VIOLÊNCIA PSICOLÓGICA E MORAL CONTRA A MULHER
quarta-feira, 21/06/23 14:59Um tema com muitas camadas e profundidades
Por Luciana Gaudio*
Recentemente, fiquei muito impactada com mais um relato de violência contra a mulher perto de mim. Como psicóloga, atendo; e, como pessoa, conheço muitas mulheres vítimas de violência doméstica, que nem sabem que é violência aquilo que sofrem. Ainda é forte o estigma de que violência é só a física, mas a Lei Maria da Penha deixa claro que as violências psicológica, patrimonial, moral e sexual são tão nefastas quanto a violência física (em alguns casos, até mais), e também são consideradas CRIME!

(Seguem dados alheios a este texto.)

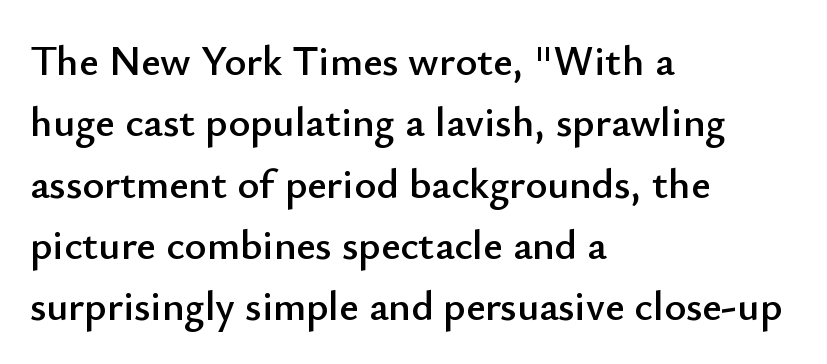
Q: Is the text italic (slanted)? A: No, it is upright.
Q: Is the typeface a serif or a sans-serif typeface? A: Sans-serif.
Q: Is the text underlined? A: No.
Q: How is the paragraph aligned? A: Left-aligned.
Q: Is the spacing between letters normal or unusually wide? A: Normal.
Q: Is the spacing between lines tight, normal or loose? A: Normal.
Q: Width (condensed, normal, or wide)? A: Normal.
Q: Stroke contrast? A: Low.
Q: x-height? A: Small.
Q: Monospaced? A: No.
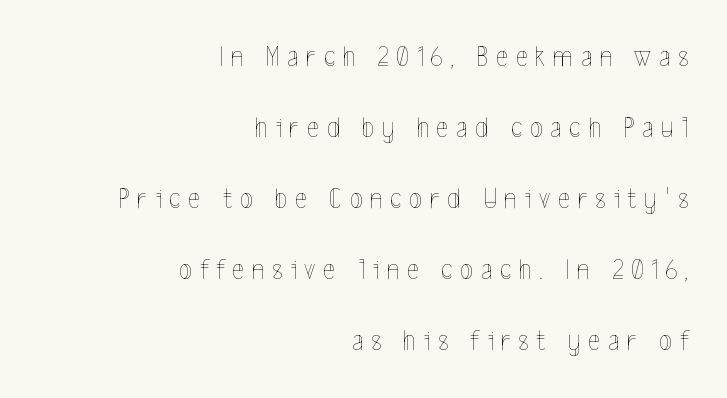
A typesetter would call this proportional, since set widths differ per character. Quick note: underline off. This is the regular roman posture of the typeface. The rendering inserts visible extra space after every character. Line ends are locked; line starts wander. Counters stay open thanks to moderate or lighter strokes.
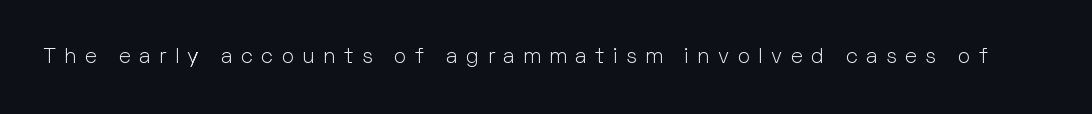
{"italic": "no", "bold": "no", "underline": "no", "letter_spacing": "wide", "letter_spacing_em": 0.4, "glyph_px": 21}
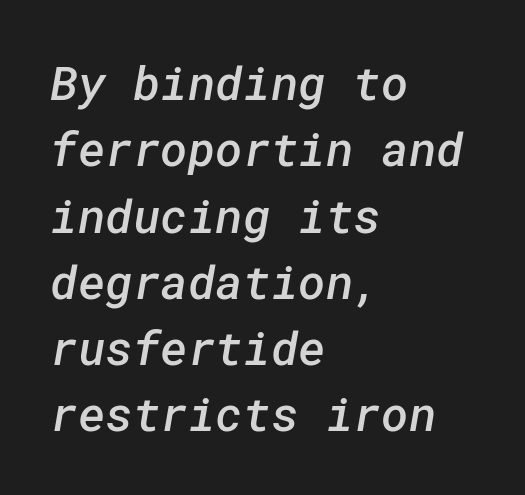
Q: Is the text bold? A: Semi-bold.
Q: Is the typeface a serif or a sans-serif typeface? A: Sans-serif.
Q: Is the text underlined? A: No.
Q: How is the paragraph aligned? A: Left-aligned.
Q: Is the spacing between letters normal or unusually wide? A: Normal.
Q: Is the spacing between lines tight, normal or loose? A: Normal.
Q: Width (condensed, normal, or wide)? A: Normal.
Q: Stroke contrast? A: Low.
Q: x-height? A: Medium.
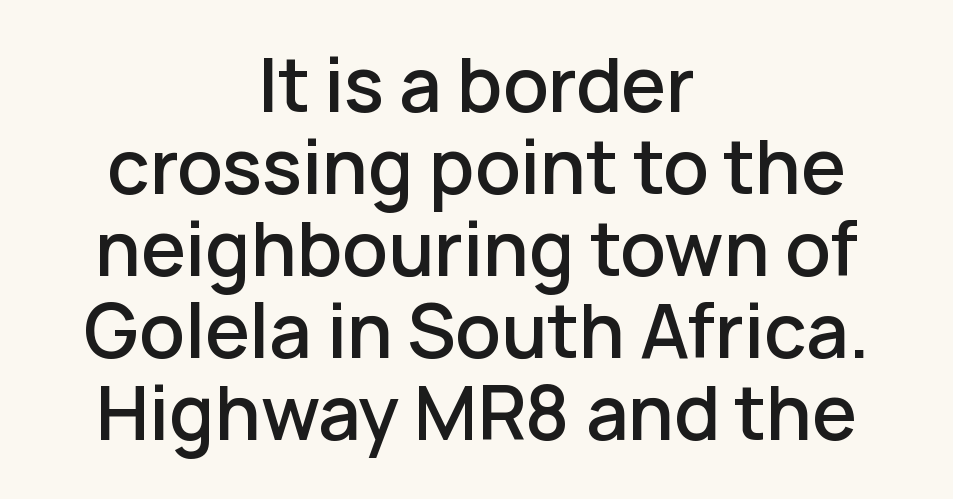
How would I describe the line gaps? Narrow and economical. This sample is center-justified, so both line endings float freely. No extra tracking has been applied to these lines. A typesetter would label this face a sans.

O “Agosto Lilás” foi criado para combater a violência contra a mulher, e várias outras campanhas têm sido feitas devido ao número crescente de casos de violência e feminicídio. No entanto, mesmo com esses avanços, é grande a desinformação e, mais do que isso, a muitas vítimas falta a capacidade de perceber que aquilo que é olhado com espanto no outro não está distante da própria vivência. Já presenciei mulheres se indignarem com a violência feminina abordada na novela ou na vizinhança sem se darem conta de que também são vítimas. Essa dificuldade em reconhecer a violência como crime e como algo grave encontra respaldo na cultura machista em que vivemos e que naturaliza tais comportamentos, suavizando-os com falas do tipo: “é a natureza do homem”, “ele é boa pessoa, só ficou nervoso”, “foi a bebida”, “mas a mulher provocou”, entre outras. Percebo também que, na maioria das vezes, a mulher que naturaliza a violência sofrida já tem algum registro de violência na própria família de origem – ela pode ter visto o pai tratar a mãe com brutalidade, ter sido criada com desrespeito à sua vontade ou ter ouvido palavras de baixo calão dos pais –, de forma que namorar alguém com as mesmas atitudes não parece tão espantoso, vai ficando algo “natural”… e NÃO PODE ser assim.
Não há perfeição, não há casal que não briga, mas é preciso estabelecer com clareza limites, e o principal deles é o respeito. Não se pode confundir, violência, ameaças, degradação moral, exploração material, sexo forçado e chantagem emocional com brigas e conflitos que são inerentes a qualquer casal. Associar violência com afeto é um perigo e uma verdadeira armadilha emocional. Percebo que o homem abusador, em muitos casos também, não percebe que o que faz é violência criminosa. Muitos juram (e acreditam!) que são bons maridos. É frequente também responsabilizarem a mulher, transferindo totalmente a responsabilidade pelos seus atos.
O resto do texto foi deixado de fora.